[TASK STATEMENT] Please transcribe every entry below exactly, without including the pictures.
━━ DATASET ━━
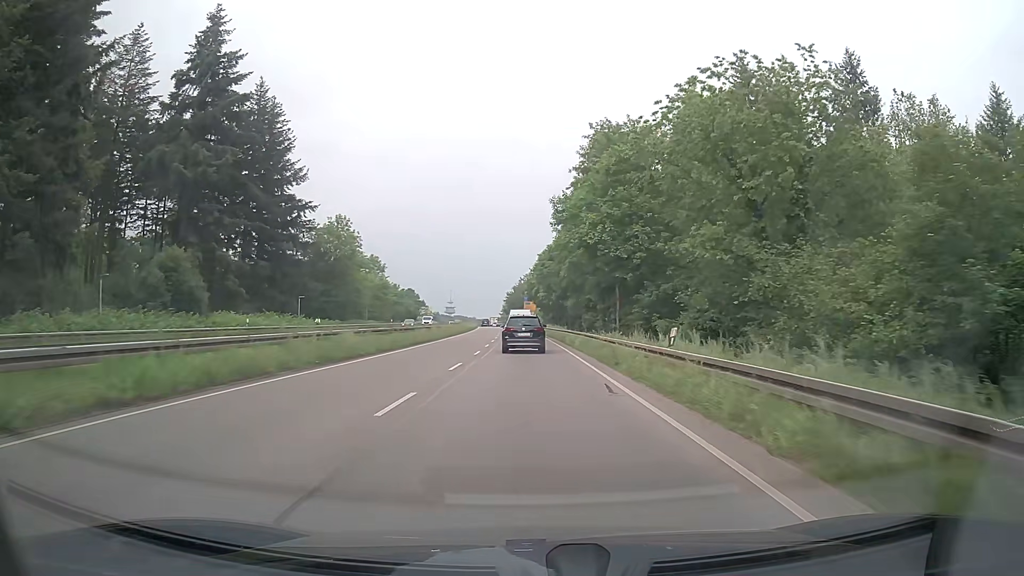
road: trunk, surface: asphalt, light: Day
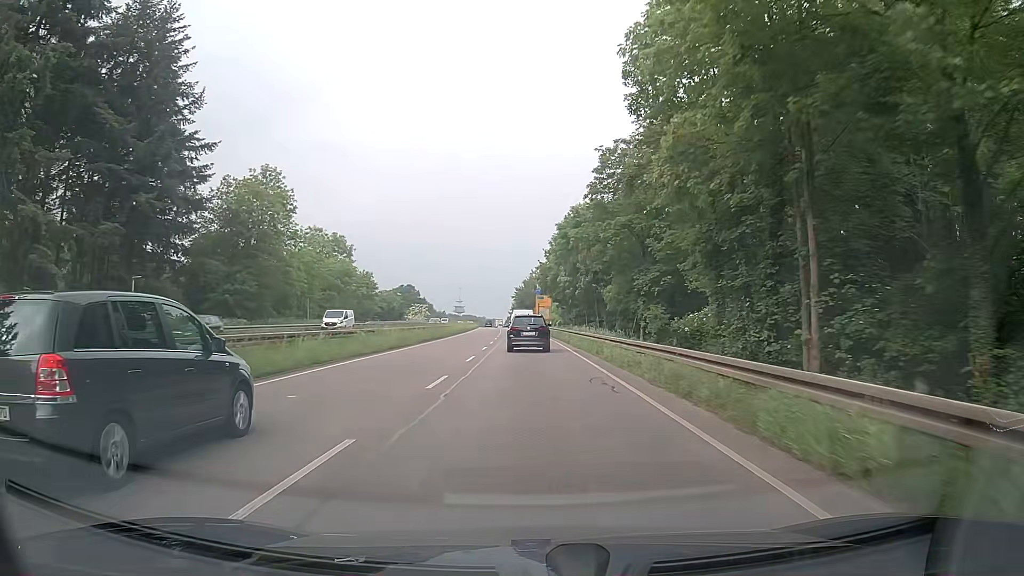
(-0.4, +32.4) m; -1°
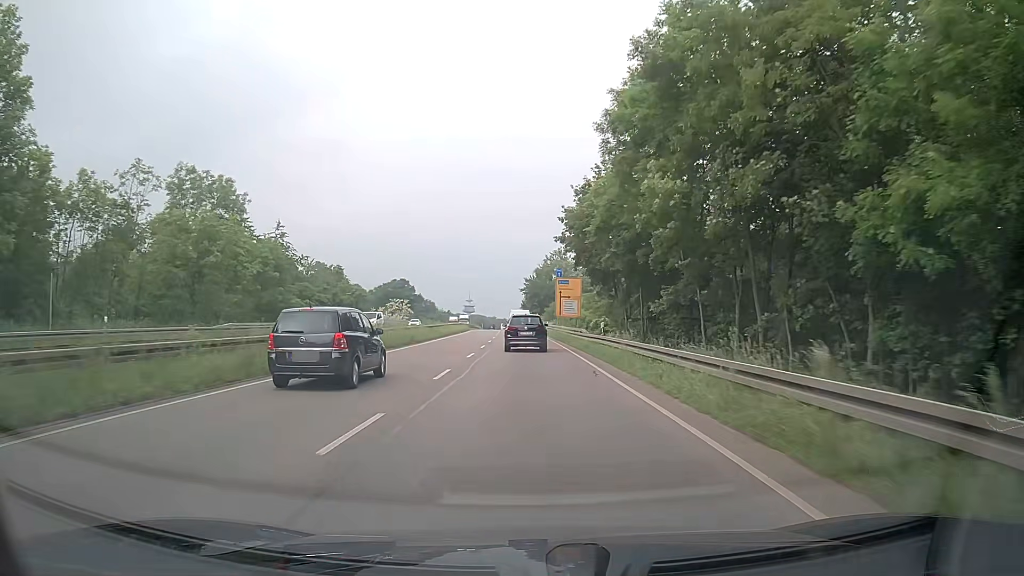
(-0.3, +43.2) m; -1°
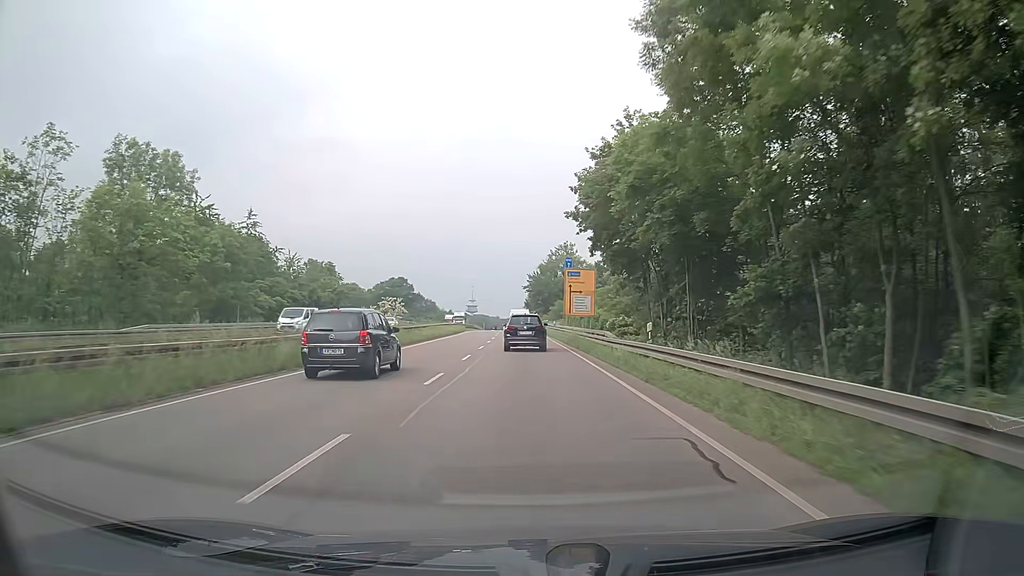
(-0.1, +10.8) m; 0°
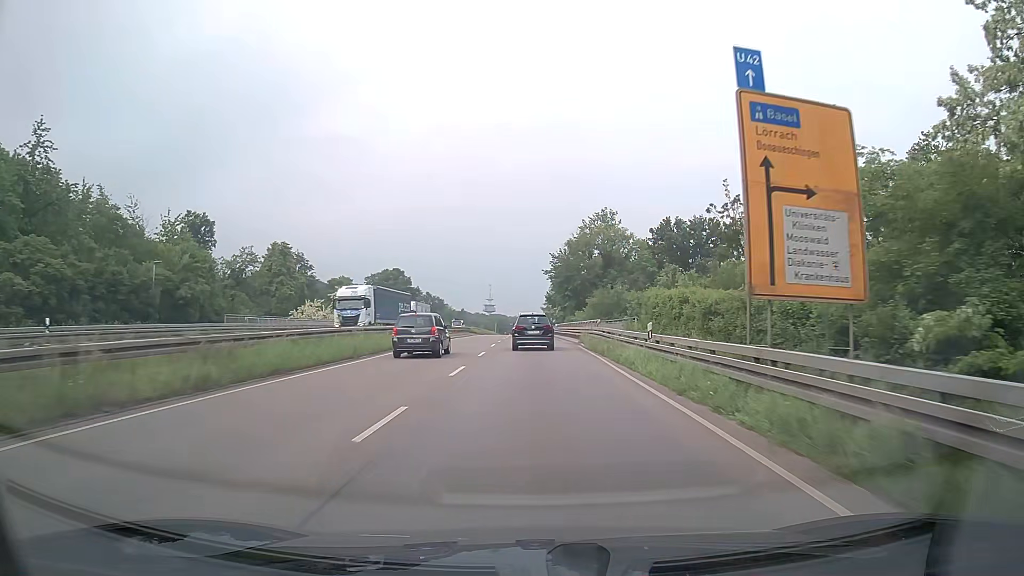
(-0.9, +42.8) m; -2°
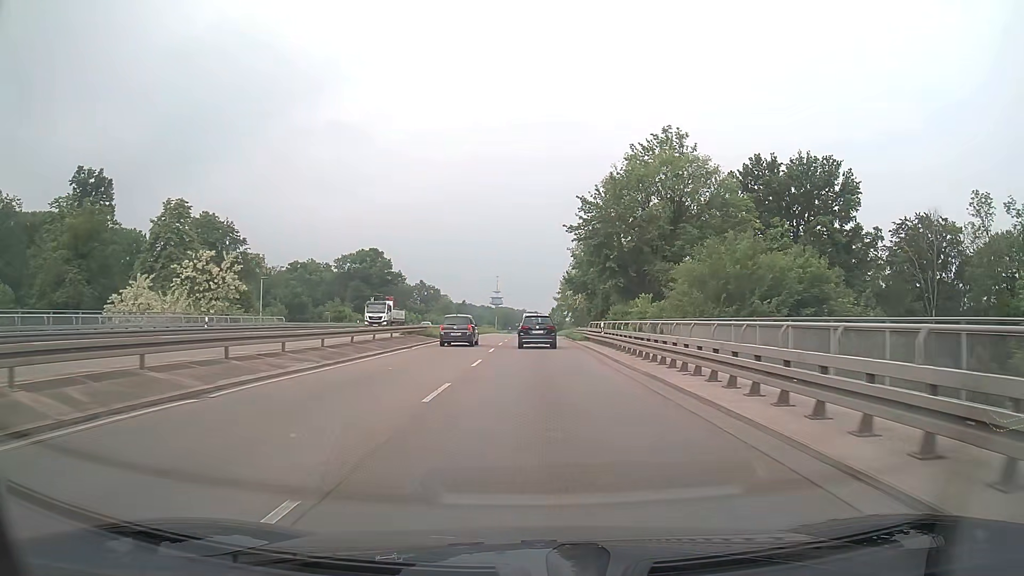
(0.0, +41.7) m; 0°
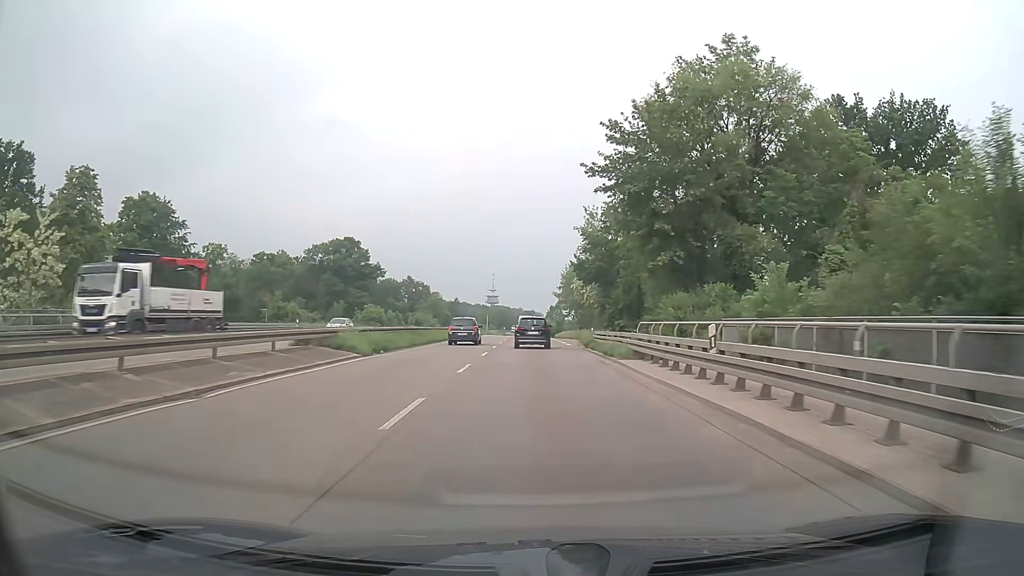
(0.0, +20.8) m; 0°
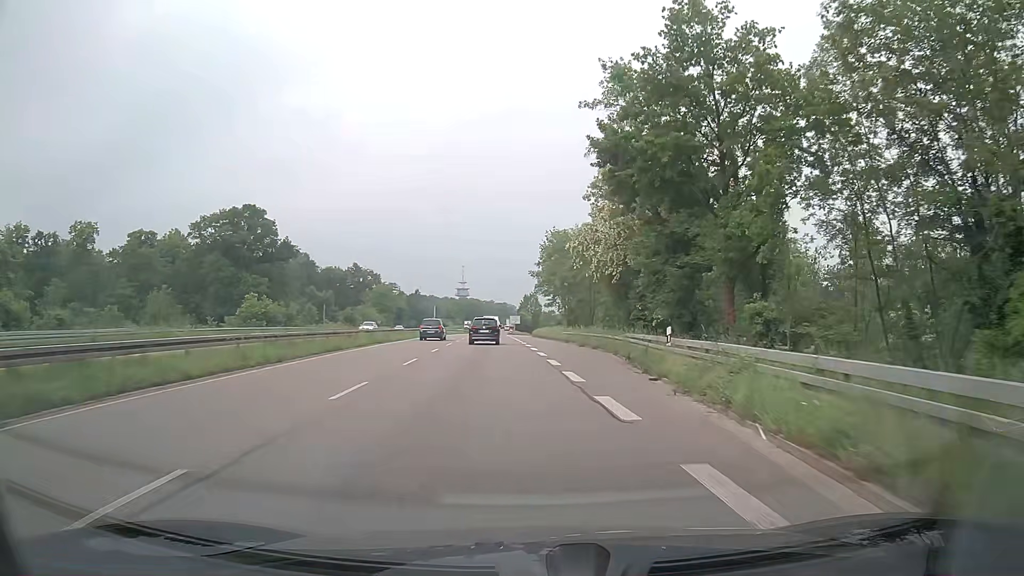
(+0.8, +41.9) m; +2°
(0, +10) (0, +20) (0, +30) (0, +40) (0, +50) (0, +60) (0, +70) (0, +80) (-1, +90) (-1, +100) m
━━━
[SOLUTION TO THIS EXERCISE]
road: trunk, surface: asphalt, light: Day
(-0.4, +32.4) m; -1°
(-0.3, +43.2) m; -1°
(-0.1, +10.8) m; 0°
(-0.9, +42.8) m; -2°
(0.0, +41.7) m; 0°
(0.0, +20.8) m; 0°
(+0.8, +41.9) m; +2°
(0, +10) (0, +20) (0, +30) (0, +40) (0, +50) (0, +60) (0, +70) (0, +80) (-1, +90) (-1, +100) m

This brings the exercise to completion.